- _Work item_:
Reproduce only this stretch of the listing below: from the line with "Touch camera, left" through the line with "Tactile sensor images from the left", exactly as written, with pictures excluded.

[Data for review Boundary: Start]

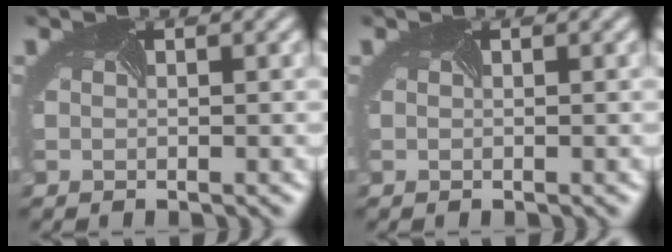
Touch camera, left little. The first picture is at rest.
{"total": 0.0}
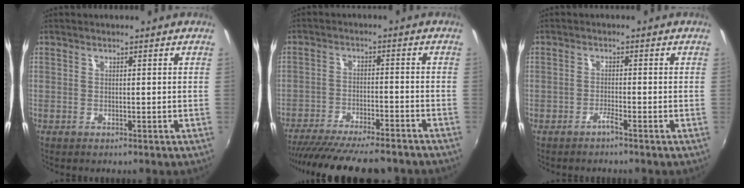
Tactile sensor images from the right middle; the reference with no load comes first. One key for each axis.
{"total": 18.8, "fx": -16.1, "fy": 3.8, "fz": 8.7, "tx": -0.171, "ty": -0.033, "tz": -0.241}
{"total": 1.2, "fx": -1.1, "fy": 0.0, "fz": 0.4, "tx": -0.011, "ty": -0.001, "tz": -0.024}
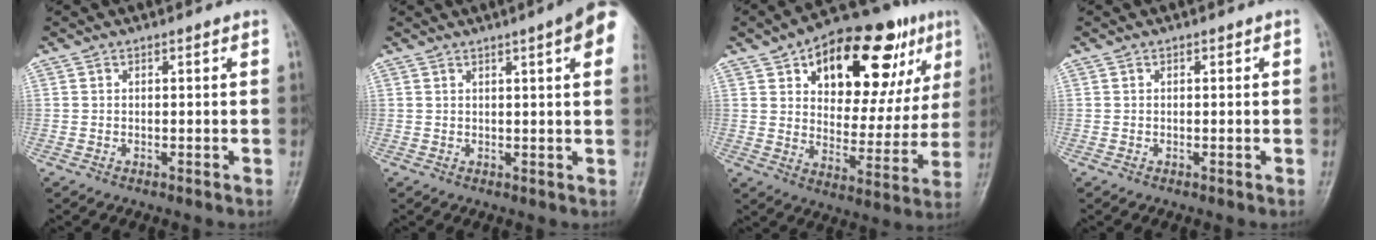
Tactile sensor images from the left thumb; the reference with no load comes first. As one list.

[Data for review Boundary: End]
[Data for review Boundary: Start]

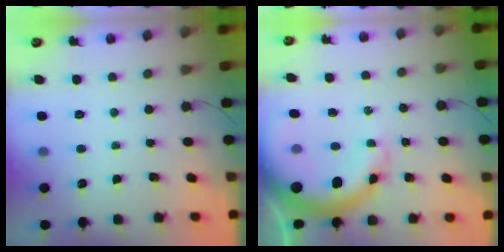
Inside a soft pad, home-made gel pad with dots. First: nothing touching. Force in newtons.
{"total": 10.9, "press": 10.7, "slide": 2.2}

[Data for review Boundary: End]

- _Answer to this task_:
Touch camera, left little. The first picture is at rest.
{"total": 0.0}
Tactile sensor images from the right middle; the reference with no load comes first. One key for each axis.
{"total": 18.8, "fx": -16.1, "fy": 3.8, "fz": 8.7, "tx": -0.171, "ty": -0.033, "tz": -0.241}
{"total": 1.2, "fx": -1.1, "fy": 0.0, "fz": 0.4, "tx": -0.011, "ty": -0.001, "tz": -0.024}
Tactile sensor images from the left thumb; the reference with no load comes first. As one list.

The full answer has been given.